Others, like Victor, worked in meaningless, mind-numbing jobs to reduce a ten-year walk to a five-year job. Although some days, the walk looked awfully tempting.
The file appeared on screen and Victor stifled a groan. “You have a ferry ticket.”
“Is that good?”
Victor pinched his leg and forced a smile. Somehow all the rich arseholes got the good stuff, while poor well-intentioned idiots like Victor got nothing. “You have a one-hour ferry trip over the River Styx. The best car option takes eight weeks.”
“Interesting. I wouldn’t usually consider a ferry.”
“It’s the last journey you’ll ever make, you may as well go in style.”
“Good point, I’ll take the car,” said Boris, looking at the brochure.
“What?” asked Victor.
“Cruises are as common as the oiks who enjoy them. Vintage Mustangs are rare.”
“This cruise gets you to heaven in an hour. The heaven, pearly white gates and ambrosia. The car takes two months.” Timings that overrode Victor thoughts so much he could barely walk at times.
“Two months of style.”
“Your ticket—” started Victor.
“I don’t want it,” said Boris calmy. “Cruises are petri dishes for airborne diseases, and the meals are like cow troughs. Now either fetch my Mustang or your manager.”
Victor took a deep breath and forced another smile. Being mean to people, even if they deserved it, would only add to his penance. Even if they were less intelligent than month-old milk, and turned down something he would guzzle an entire bath of Brussels sprouts for.
He just said, “Of course. I’ll fetch her now.”
Victor left his office swearing under his breath, walking down an institutional beige corridor before knocking at the door at the end. It opened to a tall, angular woman, with sharp features and an aquiline nose that gave the impression an axe was being thrown at you.
“Liz. Some real piece of work is demanding to speak to you. He’s got a ferry ticket, somehow. But he insists on using a car?”
Lizzy rolled her eyes. “Happens with the big business types. It worked in their careers, so they think they know best in the afterlife too.”
“That’s him.”
“Take your sanity break early, I’ll handle it.”
“Cheers, Liz. I appreciate it.”
Lizzy shrugged. “I’ve got centuries to work off.”
Victor smiled and scuttled down the hallway for his mandated sanity break. Technically in limbo, nobody physically needed a break, but souls struggled without them. It was the same with food. Something about being human made them crave it. Leftover human anyway.
It was never good, of course. Today’s beverage was warm, flat soda. Food was soggy sandwiches followed by a dessert of sprout crumble with lumpy custard.
Victor ate his disappointing food in the room that was somehow empty and full, dark and brilliantly lit, at the same time then ran back to work. On the way, he agreed to meet Marty for more uninspiring food later.
#
The only positive about eating the canteen food was that work felt slightly less depressing afterwards.
Victor sighed and pressed a button on his desk for the next client.
A short dumpy woman with a face like a happy raisin flashed into existence in the chair. She was wearing a broad grin and a cardigan that Victor somehow knew had hankies shoved up the sleeves.
“You’re not my nurse?” Dian gazed around the room.
“I…am… not,” said Victor, unsure of what to say.
“I guess the surgery didn’t go so well,” said Dian matter-of-factly,
“It ended your pain at least?”
Dian just nodded.
“But today is the first day of your death, and I’m here to help.”

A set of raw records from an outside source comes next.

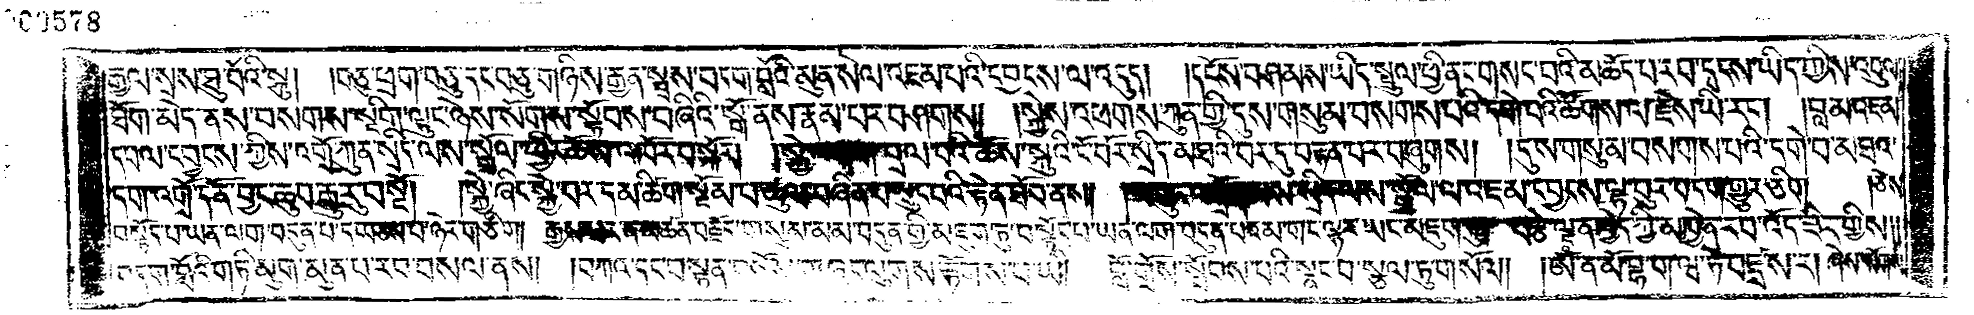རྒྱལ་སྲས་ཐུ་བོའི་སྐུ། །བཅུ་ཕྲག་བཅུ་དང་བཅུ་གཉིས་རྒྱན་སྤྲས་བདག་བློའི་མུན་སེལ་འཇམ་པའི་དབྱངས་ལ་འདུད། །དངོས་བཤམས་ཡིད་སྤྲུལ་ཕྱི་ནང་གསང་བའི་མཆོད་པ་རབ་དྭངས་ཡིད་ཀྱིས་འབུལ།
ཐོག་མེད་ནས་བསགས་སྡིག་ལྟུང་ཉེས་སོགས་སྟོབས་བཞིའི་སྒོ་ནས་རྣམ་པར་བཤགས། །སྐྱེས་འཕགས་ཀུན་གྱི་དུས་གསུམ་བསགས་པའི་དགེ་བའི་ཚོགས་ལ་རྗེས་ཡི་རང་། །བླ་མ་འཇམ་
དཔལ་དབྱངས་ཀྱིས་འགྲོ་ཀུན་སྲིད་ལས་སྒྲོལ་ཕྱིར་ཆོས་འཁོར་བསྐོར། །སྐྱེ་འགག་བྲལ་བའི་ཆོས་སྐུའི་ངོ་བོར་སྲིད་མཐའི་བར་དུ་བརྟན་པར་བཞུགས། །དུས་གསུམ་བསགས་པའི་དགེ་བ་མཐའ་
དག་འགྲོ་དོན་བྱང་ཆུབ་རྒྱུ་རུ་བསྔོ། །སྐྱེ་ཞིང་སྐྱེ་བར་དམ་ཚིག་སྡོམ་པ་ཚུལ་བཞིན་བསྲུང་བའི་རྟེན་ཐོབ་ནས། །མ་གྱུར་འགྲོ་རྣམས་སྲིད་ལས་སྒྲོལ་ལ་འཇམ་དབྱངས་ལྟ་བུར་བདག་གྱུར་ཅིག །ཅེས་
བསྟོད་པ་ཡན་ལག་བདུན་པ་དང་བཅས་པ་ཉེར་གཅིག །རྒྱས་པར་ན་མཚན་བརྗོད་གསུམ་མམ་བདུན་གྱི་མཇུག་ཏུ་བསྟོད་པ་ཡན་ལག་བདུན་པའམ་གང་ལྟར་ཡང་མཇུག་ཏུ། བརྩེ་ལྡན་ཁྱེད་ཀྱི་མཁྱེན་རབ་འོད་ཟེར་གྱིས། །
བདག་བློའི་གཏི་མུག་མུན་པ་རབ་བསལ་ནས། །བཀའ་དང་བསྟན་བཅོས་གཞུང་ལུགས་རྟོགས་པ་ཡི། བློ་གྲོས་སྤོབས་པའི་སྣང་བ་སྩལ་ཏུ་གསོལ། །ཨོཾ་ན་མོ་བྷ་ག་ཝ་ཏེ་བཛྲ་ས་ར། ཞེས་སོགས་

“Do I see the clouds or the fires?”
“Clouds, the only question is how you get there and how long it takes.” Victor explained the options to a nodding and smiling recipient. “Looking at your file, you did a lot of good in your life. Sponsoring guide dogs, reading stories to orphans, water aid.” Victor paused. “Oh.”
“What?”
“You don’t qualify for the faster methods.” Victor read through her life, one of the few negatives was that she had once scolded a greedy pigeon. “I’m very sorry, you have a two-year walk ahead of you.”
“It happens, I tried my best.”
“That’s it?”
“What else should I do? I didn’t meet the standard. It’s probably those almonds. I know they’re bad environmentally, but I couldn’t resist.”
Victor’s jaw dropped. He’d never seen someone take bad news so well. The woman had devoted her life to generosity, then didn’t bat an eyelid at the walk she didn’t deserve. “Let’s get you started.”
They walked down the institutionally beige corridors to where the service station path ended and the vast featureless desert began. The sky was dark and held only one dim star, but the black sand that stretched away to the distance was nevertheless brightly lit.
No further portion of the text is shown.